Exercise directions =>
Once you find the line below that has "సాధు - నే నొక్కడనే పాతగలనా?", output it and every line after it exactly, stopping after the line that has "(గీతనామాతృదేవత, నేను ఆమె", with no pictures.

Data for this exercise =>
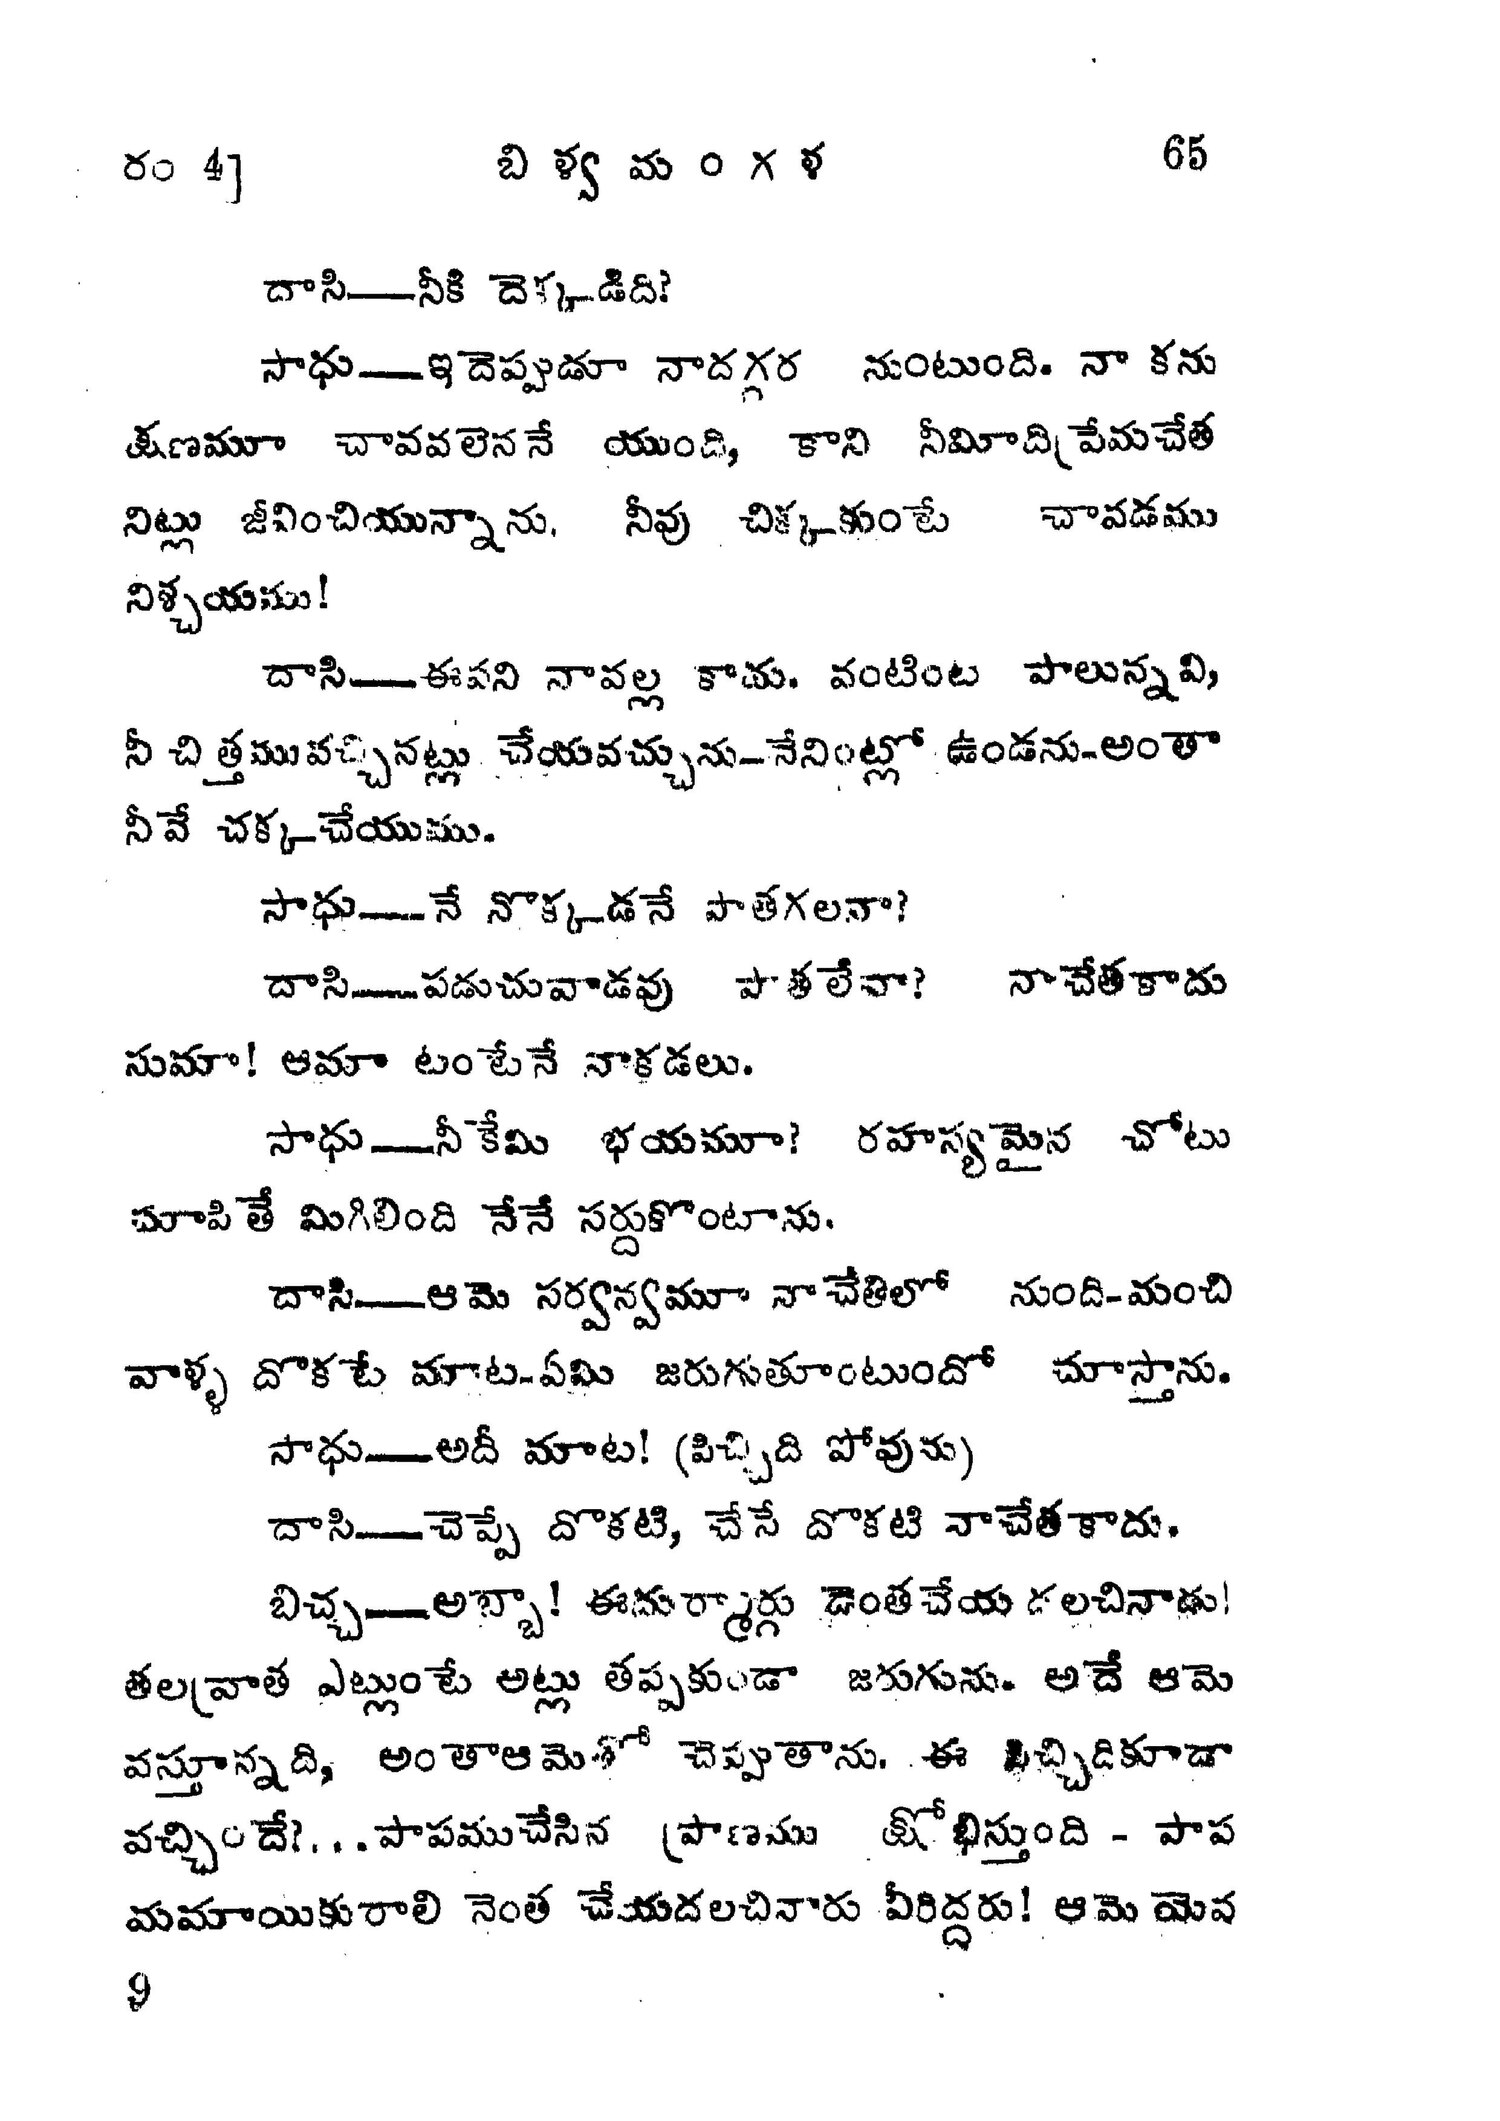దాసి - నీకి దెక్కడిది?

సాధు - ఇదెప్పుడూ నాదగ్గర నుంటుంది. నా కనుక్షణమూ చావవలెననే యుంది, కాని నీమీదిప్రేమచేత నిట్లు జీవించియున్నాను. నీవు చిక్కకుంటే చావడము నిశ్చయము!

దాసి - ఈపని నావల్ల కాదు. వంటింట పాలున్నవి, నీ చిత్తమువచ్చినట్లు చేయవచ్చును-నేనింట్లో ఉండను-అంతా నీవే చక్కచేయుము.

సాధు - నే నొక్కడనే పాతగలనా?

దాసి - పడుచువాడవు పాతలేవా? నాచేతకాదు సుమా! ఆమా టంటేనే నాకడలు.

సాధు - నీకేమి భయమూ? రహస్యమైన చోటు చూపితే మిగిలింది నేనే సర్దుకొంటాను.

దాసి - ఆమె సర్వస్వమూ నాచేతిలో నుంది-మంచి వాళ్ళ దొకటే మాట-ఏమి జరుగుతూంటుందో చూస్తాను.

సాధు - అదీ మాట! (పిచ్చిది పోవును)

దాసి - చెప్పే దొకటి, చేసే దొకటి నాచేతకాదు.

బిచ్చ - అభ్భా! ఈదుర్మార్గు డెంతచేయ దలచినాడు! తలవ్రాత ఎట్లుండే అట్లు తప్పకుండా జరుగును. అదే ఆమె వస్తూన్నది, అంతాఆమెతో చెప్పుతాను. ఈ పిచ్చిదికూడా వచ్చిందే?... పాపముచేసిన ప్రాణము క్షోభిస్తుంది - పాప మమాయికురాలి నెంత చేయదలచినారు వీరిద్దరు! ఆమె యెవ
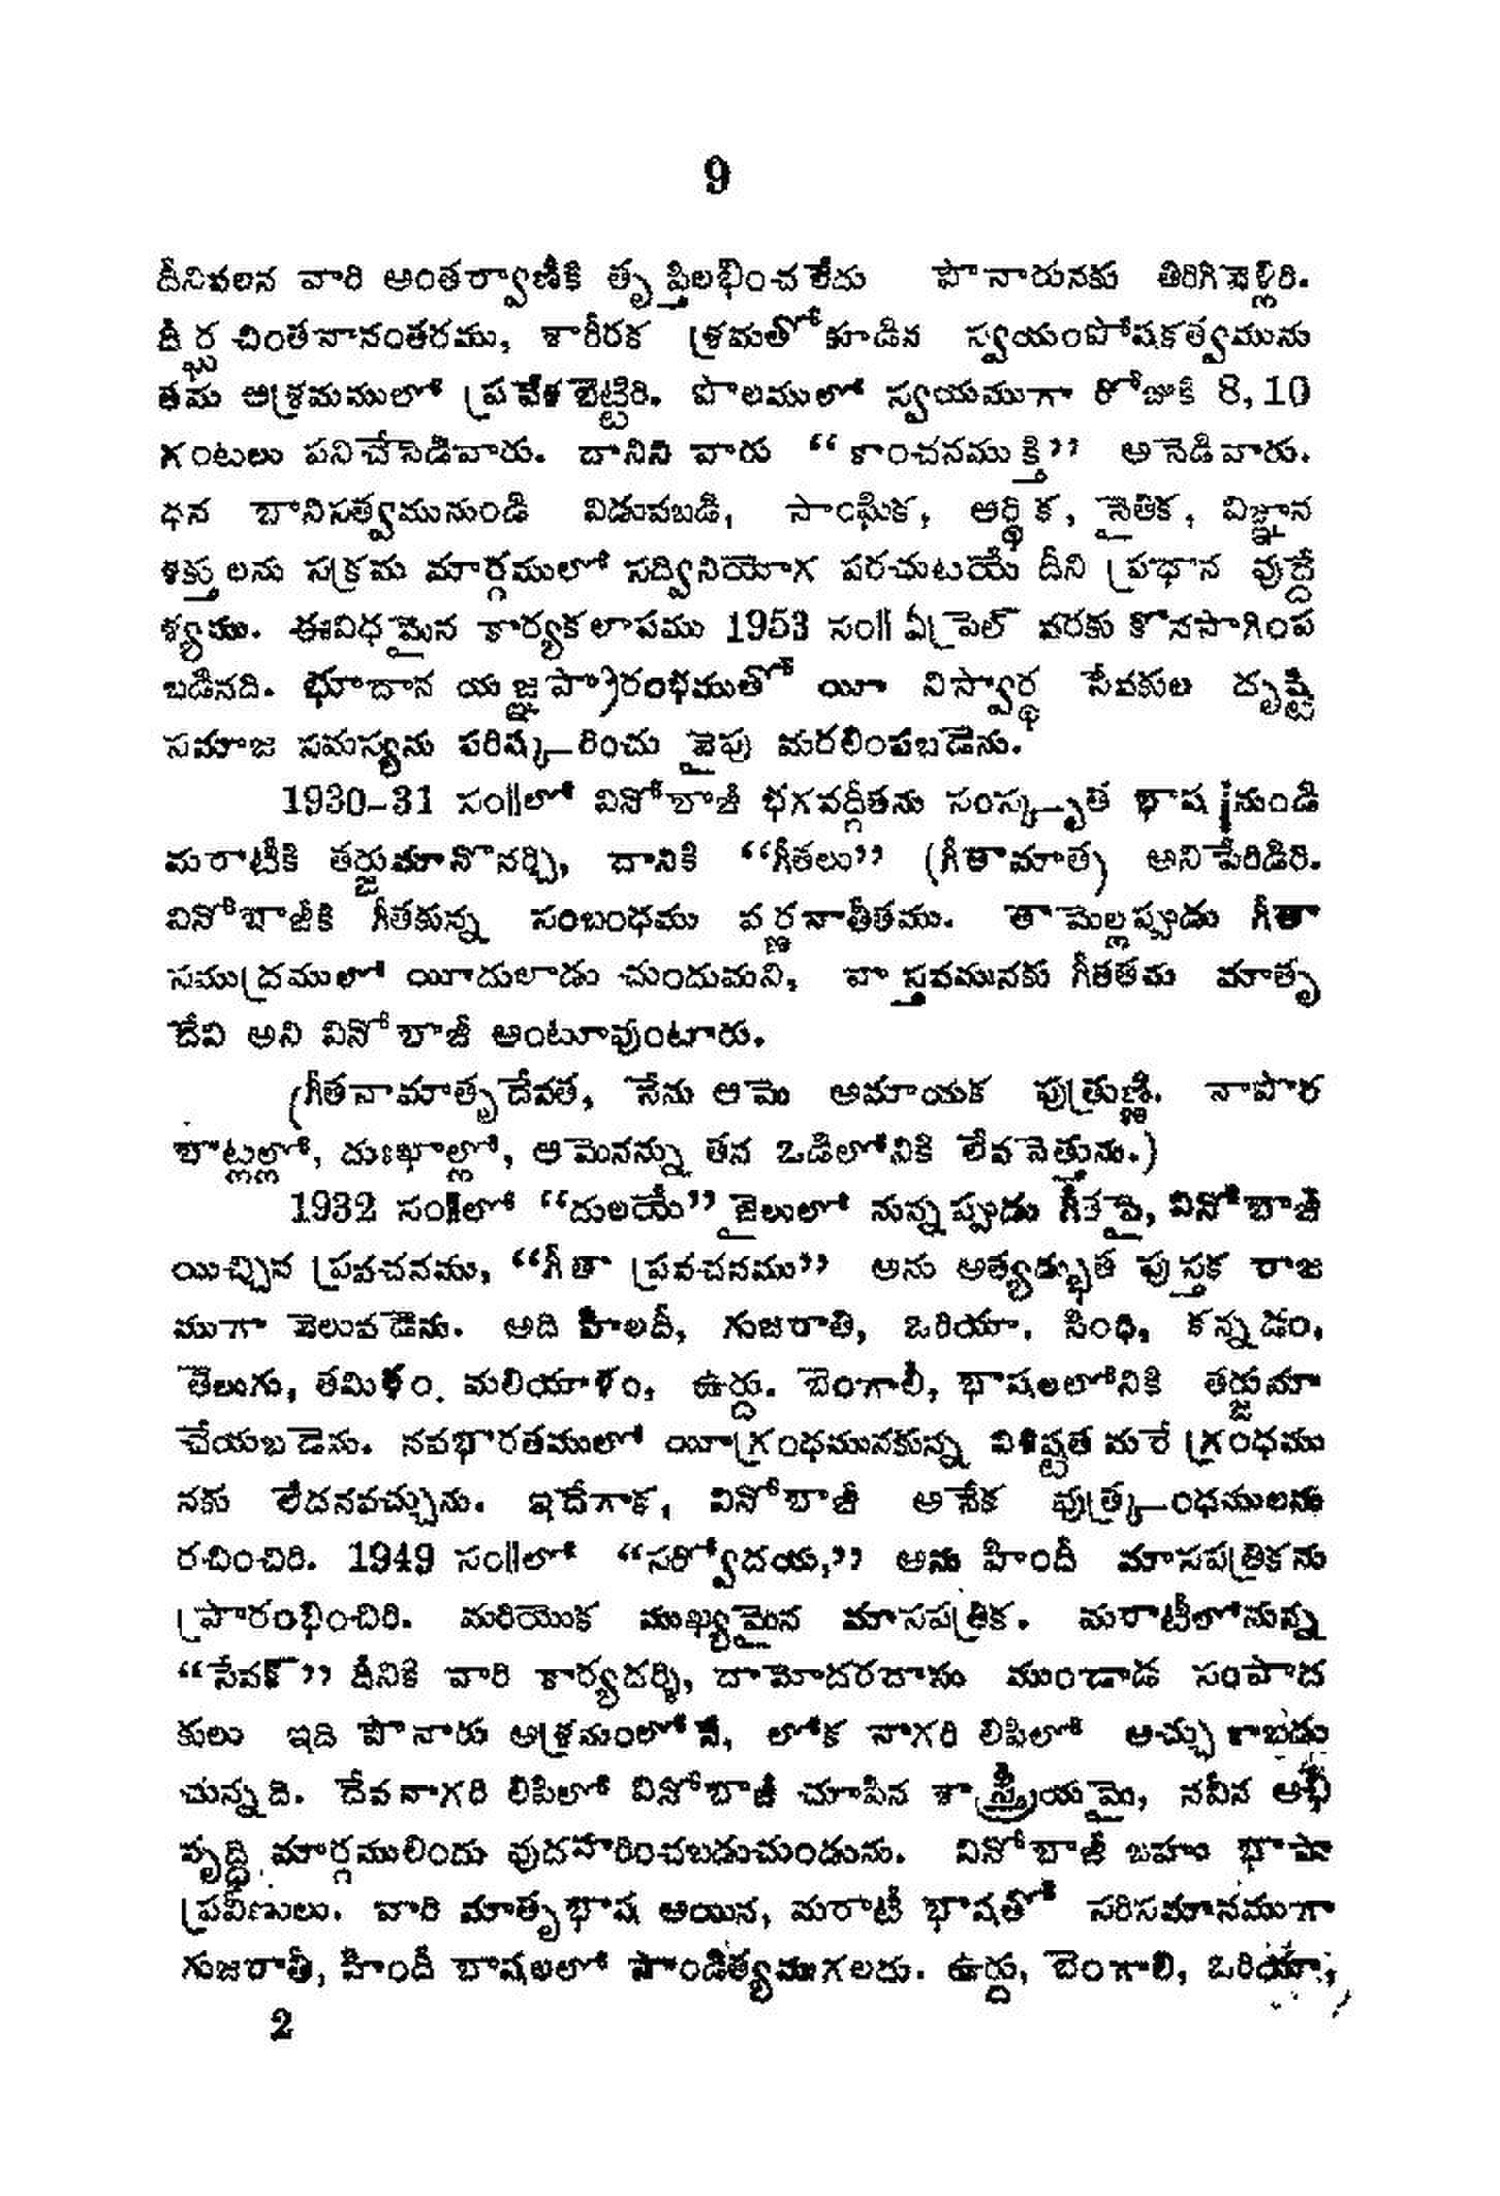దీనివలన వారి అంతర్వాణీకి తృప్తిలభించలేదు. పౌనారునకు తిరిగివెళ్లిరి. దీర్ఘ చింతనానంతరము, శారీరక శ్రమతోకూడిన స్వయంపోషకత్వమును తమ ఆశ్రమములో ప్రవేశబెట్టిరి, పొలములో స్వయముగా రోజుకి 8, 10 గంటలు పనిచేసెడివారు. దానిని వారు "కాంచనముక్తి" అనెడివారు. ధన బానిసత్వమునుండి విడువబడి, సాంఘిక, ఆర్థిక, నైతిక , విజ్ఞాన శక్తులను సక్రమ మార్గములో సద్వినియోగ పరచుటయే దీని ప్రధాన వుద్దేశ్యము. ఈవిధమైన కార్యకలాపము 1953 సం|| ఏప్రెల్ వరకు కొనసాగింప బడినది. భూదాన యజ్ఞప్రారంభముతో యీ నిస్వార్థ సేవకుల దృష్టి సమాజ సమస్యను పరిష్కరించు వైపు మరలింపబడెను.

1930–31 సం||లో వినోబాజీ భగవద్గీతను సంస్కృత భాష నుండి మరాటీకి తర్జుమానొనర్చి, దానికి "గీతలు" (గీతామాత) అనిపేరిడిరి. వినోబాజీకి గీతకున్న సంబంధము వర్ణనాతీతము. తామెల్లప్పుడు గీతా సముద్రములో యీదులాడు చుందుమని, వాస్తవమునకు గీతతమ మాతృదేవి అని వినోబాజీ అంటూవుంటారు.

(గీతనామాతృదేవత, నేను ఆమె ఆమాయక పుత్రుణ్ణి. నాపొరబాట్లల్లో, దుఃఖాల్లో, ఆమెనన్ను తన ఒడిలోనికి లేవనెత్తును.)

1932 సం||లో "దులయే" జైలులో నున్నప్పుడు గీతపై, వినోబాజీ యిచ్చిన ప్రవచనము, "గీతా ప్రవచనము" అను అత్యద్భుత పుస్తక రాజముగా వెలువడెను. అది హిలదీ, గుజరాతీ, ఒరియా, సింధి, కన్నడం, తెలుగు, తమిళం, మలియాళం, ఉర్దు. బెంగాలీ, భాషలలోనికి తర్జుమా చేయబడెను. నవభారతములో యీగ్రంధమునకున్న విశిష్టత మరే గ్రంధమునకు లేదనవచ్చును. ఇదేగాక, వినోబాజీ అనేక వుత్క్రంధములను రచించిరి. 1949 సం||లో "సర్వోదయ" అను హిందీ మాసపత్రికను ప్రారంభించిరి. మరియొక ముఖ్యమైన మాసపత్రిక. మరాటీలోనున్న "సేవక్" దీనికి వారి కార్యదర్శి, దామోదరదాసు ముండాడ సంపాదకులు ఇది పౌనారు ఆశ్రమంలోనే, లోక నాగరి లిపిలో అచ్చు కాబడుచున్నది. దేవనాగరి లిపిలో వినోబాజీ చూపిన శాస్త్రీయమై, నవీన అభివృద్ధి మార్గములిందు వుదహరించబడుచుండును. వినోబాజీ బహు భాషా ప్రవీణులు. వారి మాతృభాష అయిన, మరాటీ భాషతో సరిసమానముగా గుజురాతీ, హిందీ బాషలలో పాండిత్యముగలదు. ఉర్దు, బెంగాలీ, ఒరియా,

Result for this exercise =>
సాధు - నే నొక్కడనే పాతగలనా?

దాసి - పడుచువాడవు పాతలేవా? నాచేతకాదు సుమా! ఆమా టంటేనే నాకడలు.

సాధు - నీకేమి భయమూ? రహస్యమైన చోటు చూపితే మిగిలింది నేనే సర్దుకొంటాను.

దాసి - ఆమె సర్వస్వమూ నాచేతిలో నుంది-మంచి వాళ్ళ దొకటే మాట-ఏమి జరుగుతూంటుందో చూస్తాను.

సాధు - అదీ మాట! (పిచ్చిది పోవును)

దాసి - చెప్పే దొకటి, చేసే దొకటి నాచేతకాదు.

బిచ్చ - అభ్భా! ఈదుర్మార్గు డెంతచేయ దలచినాడు! తలవ్రాత ఎట్లుండే అట్లు తప్పకుండా జరుగును. అదే ఆమె వస్తూన్నది, అంతాఆమెతో చెప్పుతాను. ఈ పిచ్చిదికూడా వచ్చిందే?... పాపముచేసిన ప్రాణము క్షోభిస్తుంది - పాప మమాయికురాలి నెంత చేయదలచినారు వీరిద్దరు! ఆమె యెవ
దీనివలన వారి అంతర్వాణీకి తృప్తిలభించలేదు. పౌనారునకు తిరిగివెళ్లిరి. దీర్ఘ చింతనానంతరము, శారీరక శ్రమతోకూడిన స్వయంపోషకత్వమును తమ ఆశ్రమములో ప్రవేశబెట్టిరి, పొలములో స్వయముగా రోజుకి 8, 10 గంటలు పనిచేసెడివారు. దానిని వారు "కాంచనముక్తి" అనెడివారు. ధన బానిసత్వమునుండి విడువబడి, సాంఘిక, ఆర్థిక, నైతిక , విజ్ఞాన శక్తులను సక్రమ మార్గములో సద్వినియోగ పరచుటయే దీని ప్రధాన వుద్దేశ్యము. ఈవిధమైన కార్యకలాపము 1953 సం|| ఏప్రెల్ వరకు కొనసాగింప బడినది. భూదాన యజ్ఞప్రారంభముతో యీ నిస్వార్థ సేవకుల దృష్టి సమాజ సమస్యను పరిష్కరించు వైపు మరలింపబడెను.

1930–31 సం||లో వినోబాజీ భగవద్గీతను సంస్కృత భాష నుండి మరాటీకి తర్జుమానొనర్చి, దానికి "గీతలు" (గీతామాత) అనిపేరిడిరి. వినోబాజీకి గీతకున్న సంబంధము వర్ణనాతీతము. తామెల్లప్పుడు గీతా సముద్రములో యీదులాడు చుందుమని, వాస్తవమునకు గీతతమ మాతృదేవి అని వినోబాజీ అంటూవుంటారు.

(గీతనామాతృదేవత, నేను ఆమె ఆమాయక పుత్రుణ్ణి. నాపొరబాట్లల్లో, దుఃఖాల్లో, ఆమెనన్ను తన ఒడిలోనికి లేవనెత్తును.)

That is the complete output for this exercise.